Kimine ağır geldiler, kimine yavaş. Sanatçılar müdahale etmeye çalışıyordu. El kol hareketleriyle vokalistlerden şarkıya katılmalarını, darbuka ve perküsyonların öne çıkmasını istiyorlardı.
Ama koordinasyon bir türlü kurulamadı.
Sinirli bakışlar fırlatıldı. Şarkıcılarla çalgıcılar Seferoğulları-Tellioğulları tansiyonu yaşadılar bütün gece.
Düğme yok ki kavuşsun
Gülücükler, danslar, espriler, sağa sola iltifatlar... Bülent Ersoy çok uzun zamandır görünmediği kadar “keyfi yerinde” görünüyordu.
Mesela tam şarkıya girecekken Seda Sayan’ın araya dalmasına sinirlenmedi.
Fakat onun kıyafeti çok tuhaftı. Göbeğe kadar inen bir göğüs dekoltesi vardı.
Düğme yok ki kavuşsun. Öne eğilince haliyle dışarı doğru bombe de yapıyor.
Ha çıktı, ha şimdi çıkacak diye hepimiz stres sahibi olduk ekran başında.
Şafak Sezer için yorum yanlış olur.
Çok yakından takip edemiyorum.
Bazı esprilerini cinsiyetçi buluyorum.
İyi ki Bülent Ersoy o “başından beri” şakasını duymadı.

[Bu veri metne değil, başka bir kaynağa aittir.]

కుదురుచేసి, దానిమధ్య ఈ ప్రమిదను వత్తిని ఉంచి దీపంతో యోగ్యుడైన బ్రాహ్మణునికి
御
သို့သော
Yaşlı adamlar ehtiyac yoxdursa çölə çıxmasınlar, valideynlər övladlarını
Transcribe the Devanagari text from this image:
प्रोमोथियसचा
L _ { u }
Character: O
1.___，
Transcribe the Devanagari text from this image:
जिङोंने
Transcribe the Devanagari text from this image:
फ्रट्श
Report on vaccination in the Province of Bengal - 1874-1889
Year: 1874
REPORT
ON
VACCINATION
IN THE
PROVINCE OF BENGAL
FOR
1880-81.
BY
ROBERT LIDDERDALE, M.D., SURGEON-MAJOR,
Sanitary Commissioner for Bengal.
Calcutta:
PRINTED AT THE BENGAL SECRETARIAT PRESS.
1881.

2021’e çok daha şamatalı girebilirdik.
Kıyafetinden hiç bahsetmeyelim
Yeni bir yıla güzel şeylerden bahsederek girelim, kıyafetinden hiç bahsetmeyelim. Ama en çok Seda Sayan çalıştı.
Arkadaşının düğünü iyi geçsin diye her şeye yetişmeye çalışan nedime havası vardı. Temponun düşmemesi için bütün şarkılarda dans etti.

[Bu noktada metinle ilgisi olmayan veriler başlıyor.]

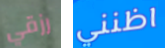
رزقي اظنني
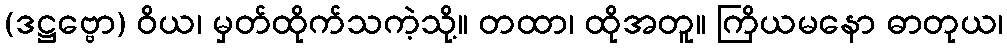
(ဒဋ္ဌဗ္ဗော) ဝိယ၊ မှတ်ထိုက်သကဲ့သို့။ တထာ၊ ထိုအတူ။ ကြိယမနော ဓာတုယ၊
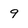
Character: 9
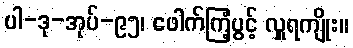
ပါ-ဒု-အုပ်-၉၅၊ ဖေါက်ကြံ့ပွင့် လှူရကျိုး။
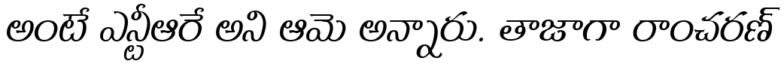
అంటే ఎన్టీఆరే అని ఆమె అన్నారు. తాజాగా రాంచరణ్
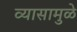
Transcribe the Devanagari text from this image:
व्यासामुळे
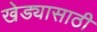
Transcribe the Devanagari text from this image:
खेड्यासाठी
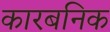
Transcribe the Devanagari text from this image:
कारबनिक
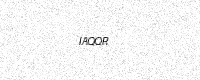
Text: IAQQR
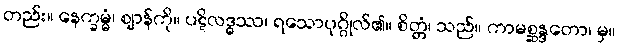
တည်း။ နေက္ခမ္မံ၊ ဈာန်ကို။ ပဋိလဒ္ဓဿ၊ ရသောပုဂ္ဂိုလ်၏။ စိတ္တံ၊ သည်။ ကာမစ္ဆန္ဒတော၊ မှ။
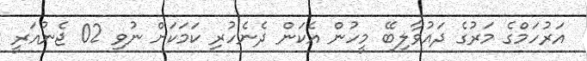
އަރުހަމްގެ މަރުގެ ދައުވާލިބޭ މީހުން އެކަން ދެނެހުރި ކަމަކަށް ނުވި 02 ޖެނުއަރީ
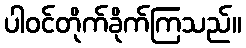
ပါဝင်တိုက်ခိုက်ကြသည်။
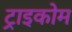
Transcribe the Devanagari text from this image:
ट्राइकोम
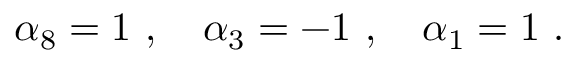
\alpha _ { 8 } = 1 \ , \ \ \ \alpha _ { 3 } = - 1 \ , \ \ \ \alpha _ { 1 } = 1 \ .
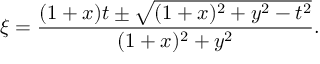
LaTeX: \xi = \frac { ( 1 + x ) t \pm \sqrt { ( 1 + x ) ^ { 2 } + y ^ { 2 } - t ^ { 2 } } } { ( 1 + x ) ^ { 2 } + y ^ { 2 } } .
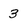
Character: 3
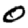
Digit: 0
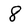
Character: 8
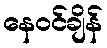
နေဝင်ချိန်
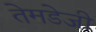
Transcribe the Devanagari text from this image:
तेमडेजी
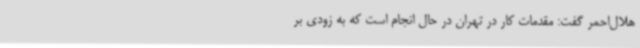
هلال‌احمر گفت: مقدمات کار در تهران در حال انجام است که به زودی بر
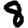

Fransız askılı yeni yüzü ve ördek dudaklarıyla kameraların en sevdiği açılardan verdi bol bol ama çoğu ziyan oldu.
Tam o sırada kamera “geniş”e çıktı...
Olur o kadar. Artık 90’ların o dev prodüksiyonları, titiz organizasyonları yok.
Pandemi bize 90’lardaki gibi ekran başında bir yılbaşı kutlaması vadetmişti, sözünü tuttu.
Aynı insanlar, aynı yüzler. 20-25 yıl önce, 20-25 yıl sonra.
Her birinin hayatı ne kadar değişmiş. Tam da önümüze serdi. Peki biz?
O çeyrek yüzyılda biz ne kadar değiştik?